• [Available data]:
□ □ □ □ □ □ □
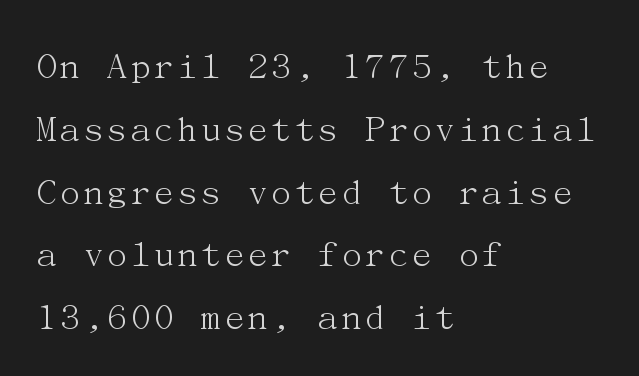
{"serif": "yes", "italic": "no", "bold": "no", "weight": "light", "width": "normal", "stroke_contrast": "medium", "x_height": "medium", "underline": "no", "align": "left", "line_spacing": "normal", "line_spacing_ratio": 1.57, "letter_spacing": "normal", "letter_spacing_em": 0.0, "glyph_px": 40}
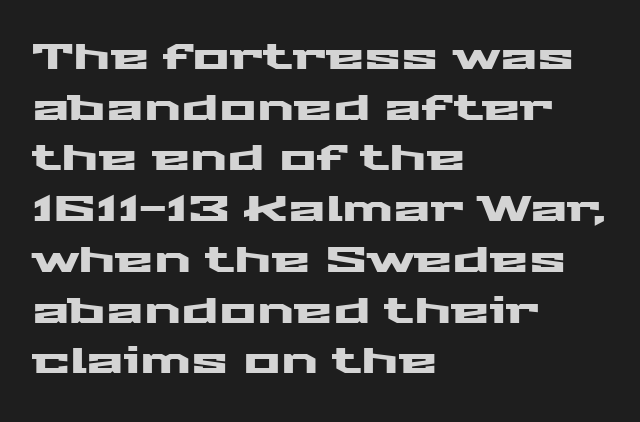
{"serif": "no", "italic": "no", "width": "wide", "stroke_contrast": "medium", "x_height": "medium", "monospaced": "no", "underline": "no", "align": "left", "line_spacing": "normal", "line_spacing_ratio": 1.45, "letter_spacing": "normal", "letter_spacing_em": 0.0, "glyph_px": 35}
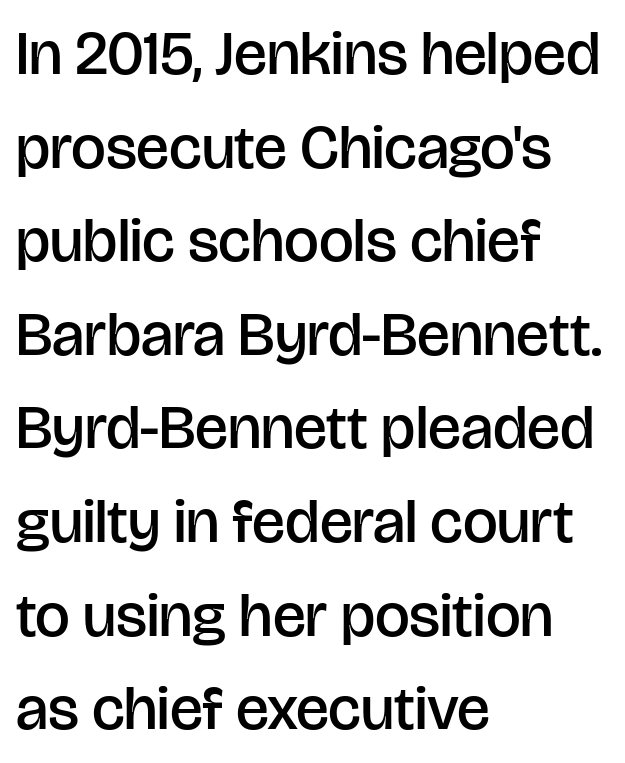
{"serif": "no", "italic": "no", "bold": "semi", "weight": "semibold", "width": "normal", "stroke_contrast": "low", "x_height": "large", "monospaced": "no", "underline": "no", "align": "left", "line_spacing": "normal", "line_spacing_ratio": 1.51, "letter_spacing": "normal", "letter_spacing_em": 0.0, "glyph_px": 62}
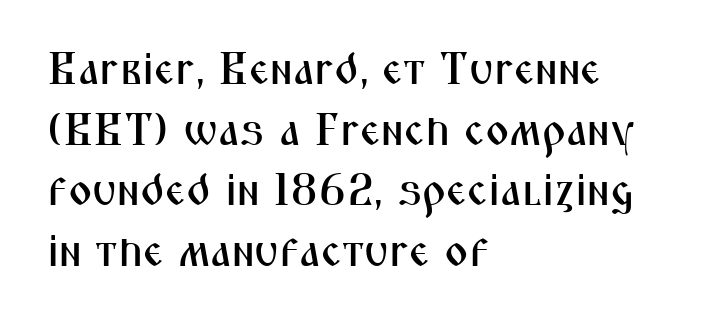
{"serif": "no", "italic": "no", "width": "condensed", "stroke_contrast": "medium", "x_height": "medium", "monospaced": "no", "underline": "no", "align": "left", "line_spacing": "normal", "line_spacing_ratio": 1.32, "letter_spacing": "normal", "letter_spacing_em": 0.0, "glyph_px": 46}
□ □ □ □ □ □ □
• [Goal of the exercise]: Your task is to show every line of the listing above containing "medium".

• [Exercise solution]:
{"serif": "yes", "italic": "no", "bold": "no", "weight": "light", "width": "normal", "stroke_contrast": "medium", "x_height": "medium", "underline": "no", "align": "left", "line_spacing": "normal", "line_spacing_ratio": 1.57, "letter_spacing": "normal", "letter_spacing_em": 0.0, "glyph_px": 40}
{"serif": "no", "italic": "no", "width": "wide", "stroke_contrast": "medium", "x_height": "medium", "monospaced": "no", "underline": "no", "align": "left", "line_spacing": "normal", "line_spacing_ratio": 1.45, "letter_spacing": "normal", "letter_spacing_em": 0.0, "glyph_px": 35}
{"serif": "no", "italic": "no", "width": "condensed", "stroke_contrast": "medium", "x_height": "medium", "monospaced": "no", "underline": "no", "align": "left", "line_spacing": "normal", "line_spacing_ratio": 1.32, "letter_spacing": "normal", "letter_spacing_em": 0.0, "glyph_px": 46}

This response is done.